TOKYO -- A tearful Philippine woman recounted Sunday how she was kidnapped by Japanese troops during World War II and coerced into sex slavery, as she and her supporters gathered to demand Japan do more to bring justice to former "comfort women."

Estelita Dy, 83, and her supporters met in Tokyo as part of events by the group to commemorate the day the first victim of Japanese sex slavery came forward on Aug. 14, 1991, and helped lay the groundwork for other victims, including Dy, to come out.

Dy's supporters and rights groups are trying to gain international support to have Aug. 14 become a United Nations-recognized memorial day, as a way to pressure Japan to do more to take responsibility for wartime sex slavery. The day falls just one day before Japan's Aug. 15 end-of-war anniversary.

Prime Minister Shinzo Abe has backpedaled from Tokyo's past apologies, saying there's no proof Japan's wartime government coerced women into prostitution for the Japanese Imperial Army.

At Sunday's meeting, Dy's supporters, including rights activists, criticized Abe's government for its rejection of a U.N. human rights panel's recommendations earlier this year urging Japan to more seriously take responsibility for sex slavery, better educate the public and take steps to bring justice for the victims.
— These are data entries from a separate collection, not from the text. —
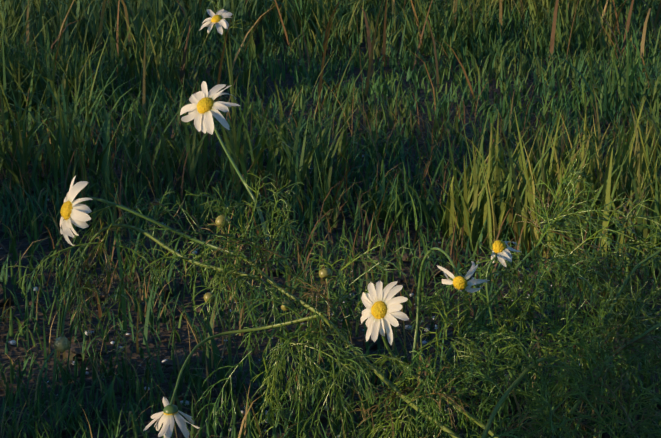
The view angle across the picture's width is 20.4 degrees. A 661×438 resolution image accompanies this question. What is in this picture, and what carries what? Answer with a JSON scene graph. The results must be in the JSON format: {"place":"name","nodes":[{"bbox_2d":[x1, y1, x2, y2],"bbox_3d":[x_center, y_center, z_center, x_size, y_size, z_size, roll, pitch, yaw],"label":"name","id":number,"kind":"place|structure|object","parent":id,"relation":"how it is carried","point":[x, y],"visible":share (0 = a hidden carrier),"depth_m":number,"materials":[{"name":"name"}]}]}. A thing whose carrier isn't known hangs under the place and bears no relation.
{"place":"outdoors","nodes":[
{"label":"outdoors","id":0,"kind":"place"},
{"bbox_2d":[0,0,660,437],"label":"grass","id":1,"kind":"structure","parent":0,"point":[22,70],"depth_m":1.18,"materials":[{"name":"green plant"}]},
{"bbox_2d":[0,0,660,437],"bbox_3d":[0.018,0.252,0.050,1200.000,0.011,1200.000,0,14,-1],"label":"soil","id":2,"kind":"structure","parent":0,"point":[186,340],"depth_m":0.94,"materials":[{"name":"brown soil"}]},
{"bbox_2d":[0,155,652,437],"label":"pebbles","id":3,"kind":"object","parent":2,"relation":"on","point":[12,342],"visible":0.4,"depth_m":0.84,"materials":[{"name":"grey stone"}]},
{"bbox_2d":[0,0,660,412],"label":"mayweed grass tufts","id":4,"kind":"object","parent":2,"relation":"on","point":[478,198],"depth_m":1.01,"materials":[{"name":"green plant"}]},
{"bbox_2d":[0,126,660,437],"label":"soil clods","id":5,"kind":"object","parent":2,"relation":"on","point":[168,366],"visible":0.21,"depth_m":0.86,"materials":[{"name":"brown soil"}]},
{"bbox_2d":[3,0,660,437],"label":"mayweed plants","id":6,"kind":"object","parent":2,"relation":"on","point":[381,312],"visible":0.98,"depth_m":0.69,"materials":[{"name":"green plant"}]},
{"bbox_2d":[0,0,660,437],"bbox_3d":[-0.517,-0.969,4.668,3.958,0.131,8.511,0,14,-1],"label":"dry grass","id":7,"kind":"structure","parent":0,"point":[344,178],"depth_m":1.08,"materials":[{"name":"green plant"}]}
]}

Rechilda Extremadura, a Philippine member of Dy's support group, said Dy and others are the "living witnesses" of sex slavery.

Historians say there were as many as 200,000 sex slaves from across Asia, most of them Koreans.
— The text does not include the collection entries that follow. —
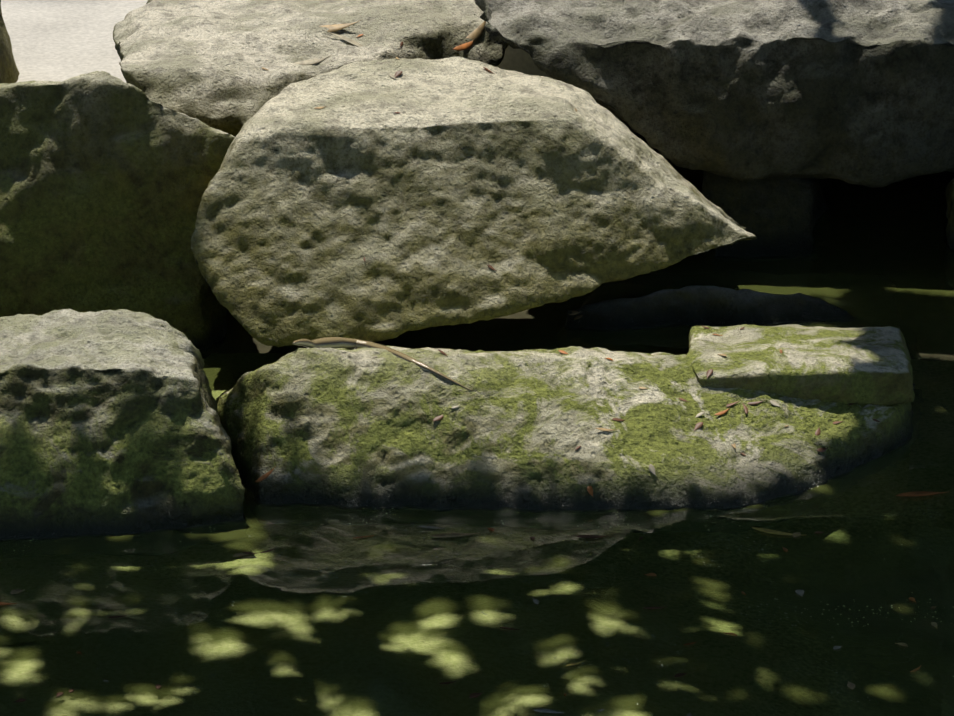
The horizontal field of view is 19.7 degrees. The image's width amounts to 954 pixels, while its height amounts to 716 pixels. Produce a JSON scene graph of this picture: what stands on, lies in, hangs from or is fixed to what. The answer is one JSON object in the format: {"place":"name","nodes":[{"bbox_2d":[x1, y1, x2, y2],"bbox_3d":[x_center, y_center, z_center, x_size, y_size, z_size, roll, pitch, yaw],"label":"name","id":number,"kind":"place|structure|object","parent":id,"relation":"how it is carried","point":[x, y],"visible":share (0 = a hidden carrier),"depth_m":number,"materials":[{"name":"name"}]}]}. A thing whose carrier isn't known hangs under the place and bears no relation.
{"place":"outdoors","nodes":[
{"label":"outdoors","id":0,"kind":"place"},
{"bbox_2d":[1,0,147,82],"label":"ground","id":1,"kind":"structure","parent":0,"point":[57,40],"depth_m":5.39,"materials":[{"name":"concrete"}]},
{"bbox_2d":[0,136,953,715],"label":"water","id":2,"kind":"structure","parent":0,"point":[426,626],"depth_m":3.34,"materials":[{"name":"green liquid"}]},
{"bbox_2d":[0,602,15,604],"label":"floating leaf","id":3,"kind":"object","parent":2,"relation":"on","point":[3,603],"visible":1,"depth_m":3.29,"materials":[{"name":"brown plant"}]},
{"bbox_2d":[11,589,24,593],"bbox_3d":[-0.557,0.282,3.328,0.012,0.002,0.018,7,21,19],"label":"debris","id":4,"kind":"object","parent":2,"relation":"on","point":[15,591],"visible":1,"depth_m":3.33,"materials":[{"name":"beige plant"}]},
{"bbox_2d":[0,309,244,540],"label":"rock","id":5,"kind":"object","parent":2,"relation":"in","point":[110,423],"visible":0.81,"depth_m":3.51,"materials":[{"name":"grey stone"}]},
{"bbox_2d":[233,553,246,556],"bbox_3d":[-0.295,0.246,3.429,0.018,0.002,0.010,0,20,1],"label":"debris","id":6,"kind":"object","parent":2,"relation":"on","point":[238,554],"visible":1,"depth_m":3.43,"materials":[{"name":"beige plant"}]},
{"bbox_2d":[418,526,439,528],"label":"floating leaf","id":7,"kind":"object","parent":2,"relation":"on","point":[429,527],"visible":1,"depth_m":3.51,"materials":[{"name":"brown plant"}]},
{"bbox_2d":[430,532,479,536],"bbox_3d":[-0.027,0.225,3.485,0.065,0.002,0.012,-3,20,-7],"label":"floating leaf","id":8,"kind":"object","parent":2,"relation":"on","point":[451,535],"visible":1,"depth_m":3.49,"materials":[{"name":"plant"}]},
{"bbox_2d":[469,692,482,697],"bbox_3d":[0.000,0.377,3.070,0.019,0.002,0.010,-8,21,-21],"label":"debris","id":9,"kind":"object","parent":2,"relation":"on","point":[472,695],"visible":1,"depth_m":3.07,"materials":[{"name":"brown plant"}]},
{"bbox_2d":[500,627,519,629],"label":"floating leaf","id":10,"kind":"object","parent":2,"relation":"on","point":[509,628],"visible":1,"depth_m":3.23,"materials":[{"name":"plant"}]},
{"bbox_2d":[534,708,563,712],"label":"floating leaf","id":11,"kind":"object","parent":2,"relation":"on","point":[545,710],"visible":1,"depth_m":3.03,"materials":[{"name":"grey plant"}]},
{"bbox_2d":[566,660,585,665],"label":"floating leaf","id":12,"kind":"object","parent":2,"relation":"on","point":[575,663],"visible":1,"depth_m":3.14,"materials":[{"name":"brown plant"}]},
{"bbox_2d":[577,535,607,537],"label":"floating leaf","id":13,"kind":"object","parent":2,"relation":"on","point":[589,536],"visible":1,"depth_m":3.48,"materials":[{"name":"plant"}]},
{"bbox_2d":[702,170,827,258],"bbox_3d":[0.504,-0.230,4.792,0.226,0.343,0.494,2,20,5],"label":"rock","id":14,"kind":"object","parent":2,"relation":"in","point":[776,217],"visible":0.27,"depth_m":4.57,"materials":[{"name":"grey stone"}]},
{"bbox_2d":[752,527,796,534],"bbox_3d":[0.383,0.222,3.493,0.070,0.002,0.013,7,21,18],"label":"floating leaf","id":15,"kind":"object","parent":2,"relation":"on","point":[771,531],"visible":1,"depth_m":3.50,"materials":[{"name":"plant"}]},
{"bbox_2d":[792,532,800,536],"bbox_3d":[0.406,0.224,3.490,0.011,0.002,0.018,0,20,1],"label":"debris","id":16,"kind":"object","parent":2,"relation":"on","point":[797,533],"visible":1,"depth_m":3.49,"materials":[{"name":"beige plant"}]},
{"bbox_2d":[795,590,803,596],"bbox_3d":[0.391,0.284,3.324,0.011,0.002,0.019,0,20,1],"label":"debris","id":17,"kind":"object","parent":2,"relation":"on","point":[800,592],"visible":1,"depth_m":3.33,"materials":[{"name":"grey plant"}]},
{"bbox_2d":[847,681,854,688],"bbox_3d":[0.421,0.368,3.094,0.009,0.002,0.020,0,20,1],"label":"debris","id":18,"kind":"object","parent":2,"relation":"on","point":[850,685],"visible":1,"depth_m":3.09,"materials":[{"name":"beige plant"}]},
{"bbox_2d":[896,491,946,496],"bbox_3d":[0.587,0.179,3.611,0.075,0.003,0.015,-3,20,-8],"label":"floating leaf","id":19,"kind":"object","parent":2,"relation":"on","point":[916,493],"visible":1,"depth_m":3.61,"materials":[{"name":"brown plant"}]},
{"bbox_2d":[497,45,556,79],"bbox_3d":[0.593,-1.153,7.377,7.000,0.371,4.100,0,20,1],"label":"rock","id":20,"kind":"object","parent":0,"point":[520,60],"depth_m":5.42,"materials":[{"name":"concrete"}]},
{"bbox_3d":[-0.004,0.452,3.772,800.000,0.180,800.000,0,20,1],"label":"ground","id":21,"kind":"structure","parent":0,"visible":0},
{"bbox_2d":[0,0,19,83],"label":"rock","id":22,"kind":"object","parent":21,"relation":"on","point":[9,73],"visible":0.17,"depth_m":5.01,"materials":[{"name":"grey stone"}]},
{"bbox_2d":[0,71,234,350],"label":"rock","id":23,"kind":"object","parent":21,"relation":"on","point":[106,178],"visible":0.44,"depth_m":4.09,"materials":[{"name":"grey stone"}]},
{"bbox_2d":[113,0,508,136],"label":"rock","id":24,"kind":"object","parent":21,"relation":"on","point":[205,61],"visible":0.44,"depth_m":4.73,"materials":[{"name":"grey stone"}]},
{"bbox_2d":[294,56,328,64],"bbox_3d":[-0.278,-0.503,4.661,0.080,0.007,0.012,-14,24,-34],"label":"leaf","id":25,"kind":"object","parent":24,"relation":"on","point":[309,62],"visible":1,"depth_m":4.66,"materials":[{"name":"beige plant"}]},
{"bbox_2d":[320,19,362,31],"bbox_3d":[-0.248,-0.573,4.750,0.110,0.015,0.016,-7,21,-19],"label":"leaf","id":26,"kind":"object","parent":24,"relation":"on","point":[334,27],"visible":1,"depth_m":4.75,"materials":[{"name":"beige plant"}]},
{"bbox_2d":[323,30,363,46],"bbox_3d":[-0.225,-0.548,4.729,0.085,0.031,0.015,8,21,20],"label":"leaf","id":27,"kind":"object","parent":24,"relation":"on","point":[353,42],"visible":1,"depth_m":4.73,"materials":[{"name":"beige plant"}]},
{"bbox_2d":[453,41,472,50],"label":"leaf","id":28,"kind":"object","parent":24,"relation":"on","point":[464,46],"visible":1,"depth_m":4.79,"materials":[{"name":"orange plant"}]},
{"bbox_2d":[466,21,485,42],"bbox_3d":[-0.001,-0.573,4.811,0.012,0.046,0.090,15,25,35],"label":"leaf","id":29,"kind":"object","parent":24,"relation":"on","point":[475,35],"visible":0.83,"depth_m":4.82,"materials":[{"name":"beige plant"}]},
{"bbox_2d":[216,345,914,511],"bbox_3d":[0.144,0.103,3.870,1.076,0.349,0.652,0,20,1],"label":"rock","id":30,"kind":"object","parent":21,"relation":"on","point":[350,428],"depth_m":3.63,"materials":[{"name":"grey stone"}]},
{"bbox_2d":[255,467,274,481],"bbox_3d":[-0.276,0.152,3.589,0.031,0.018,0.005,-10,22,-25],"label":"leaf","id":31,"kind":"object","parent":30,"relation":"on","point":[264,476],"visible":1,"depth_m":3.59,"materials":[{"name":"brown plant"}]},
{"bbox_2d":[292,337,471,390],"bbox_3d":[-0.143,0.003,3.681,0.160,0.049,0.244,-14,24,-34],"label":"lizard","id":32,"kind":"object","parent":30,"relation":"on","point":[333,342],"visible":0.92,"depth_m":3.73},
{"bbox_2d":[433,415,442,420],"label":"litter","id":33,"kind":"object","parent":30,"relation":"on","point":[438,418],"visible":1,"depth_m":3.62,"materials":[{"name":"brown plant"}]},
{"bbox_2d":[191,57,755,346],"bbox_3d":[0.005,-0.275,4.193,0.826,0.354,0.793,0,20,1],"label":"boulder","id":34,"kind":"object","parent":30,"relation":"on","point":[443,189],"visible":0.98,"depth_m":3.95,"materials":[{"name":"grey stone"}]},
{"bbox_2d":[393,71,401,78],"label":"litter","id":35,"kind":"object","parent":34,"relation":"on","point":[398,73],"visible":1,"depth_m":4.12,"materials":[{"name":"brown plant"}]},
{"bbox_2d":[587,486,592,495],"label":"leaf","id":36,"kind":"object","parent":30,"relation":"on","point":[590,489],"visible":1,"depth_m":3.57,"materials":[{"name":"orange plant"}]},
{"bbox_2d":[595,428,616,430],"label":"leaf","id":37,"kind":"object","parent":30,"relation":"on","point":[603,429],"visible":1,"depth_m":3.62,"materials":[{"name":"beige plant"}]},
{"bbox_2d":[649,464,655,475],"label":"litter","id":38,"kind":"object","parent":30,"relation":"on","point":[651,468],"visible":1,"depth_m":3.58,"materials":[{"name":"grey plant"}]},
{"bbox_2d":[694,422,702,430],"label":"litter","id":39,"kind":"object","parent":30,"relation":"on","point":[698,425],"visible":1,"depth_m":3.68,"materials":[{"name":"brown plant"}]},
{"bbox_2d":[715,409,728,415],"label":"leaf","id":40,"kind":"object","parent":30,"relation":"on","point":[721,413],"visible":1,"depth_m":3.70,"materials":[{"name":"orange plant"}]},
{"bbox_2d":[748,400,764,404],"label":"leaf","id":41,"kind":"object","parent":30,"relation":"on","point":[753,403],"visible":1,"depth_m":3.72,"materials":[{"name":"brown plant"}]},
{"bbox_2d":[770,400,780,406],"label":"litter","id":42,"kind":"object","parent":30,"relation":"on","point":[774,403],"visible":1,"depth_m":3.72,"materials":[{"name":"grey plant"}]},
{"bbox_2d":[687,324,914,404],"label":"slab","id":43,"kind":"structure","parent":30,"relation":"on","point":[866,365],"depth_m":3.77,"materials":[{"name":"grey stone"}]},
{"bbox_2d":[706,369,712,377],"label":"litter","id":44,"kind":"object","parent":43,"relation":"on","point":[709,372],"visible":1,"depth_m":3.75,"materials":[{"name":"brown plant"}]},
{"bbox_2d":[815,427,819,435],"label":"litter","id":45,"kind":"object","parent":30,"relation":"on","point":[817,432],"visible":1,"depth_m":3.70,"materials":[{"name":"brown plant"}]},
{"bbox_2d":[817,448,827,451],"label":"litter","id":46,"kind":"object","parent":30,"relation":"on","point":[821,449],"visible":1,"depth_m":3.67,"materials":[{"name":"brown plant"}]},
{"bbox_2d":[614,115,641,135],"bbox_3d":[0.798,-0.580,5.511,1.307,0.511,0.603,0,20,1],"label":"rock","id":47,"kind":"object","parent":21,"relation":"on","point":[628,126],"depth_m":5.28,"materials":[{"name":"grey stone"}]},
{"bbox_2d":[564,285,856,330],"bbox_3d":[0.432,-0.001,4.467,0.613,0.346,0.471,0,20,1],"label":"rock","id":48,"kind":"object","parent":21,"relation":"on","point":[691,305],"visible":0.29,"depth_m":4.25,"materials":[{"name":"grey stone"}]},
{"bbox_2d":[475,0,953,187],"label":"boulder","id":49,"kind":"object","parent":21,"relation":"on","point":[857,92],"visible":0.98,"depth_m":4.46,"materials":[{"name":"grey stone"}]},
{"bbox_2d":[945,178,953,250],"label":"rock","id":50,"kind":"object","parent":21,"relation":"on","point":[949,190],"visible":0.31,"depth_m":4.61,"materials":[{"name":"grey stone"}]}
]}

In a tearful speech, Dy said she was kidnapped by Japanese soldiers when she went to a market to sell vegetables in her hometown on the Philippines' Negros island in the autumn of 1944, when she was 14.

Dy, spotted by the soldiers, who were searching for guerrillas, desperately ran to escape, but fell down and was caught, pushed into a truck and taken to a nearby "comfort station," where she was repeatedly raped for three weeks until American troops rescued her.

She later had a family, but kept her past secret until 1993, when she heard news about sex slavery on the radio.

"At first, I was too embarrassed to reveal my past. But I decided to do so because it would be the only way I could get my lost dignity restored," Dy said. "I renounce war, because its victims are always women and children."

Dy wouldn't have revealed her past if Kim Hak-soon had not come forward two years earlier, detailing how she was abducted and forced to carry ammunition for Japanese soldiers by day and serve as a prostitute at a military-run brothel by night at age 17.

Kim's testimony helped break the silence and brought forth more former sex slaves, known as "comfort women." An advocacy group was formed to demand compensation from the Japanese government.

Former U.N. Under-Secretary-General Anwarul Chowdhury, who also attended Sunday's meeting, said Kim is "a global symbol" who has helped raise international awareness and support for her cause.

Chowdhury, who was behind a landmark 2000 U.N. resolution on the rights of women and children in conflict, said he would support the group's campaign for a U.N. memorial day.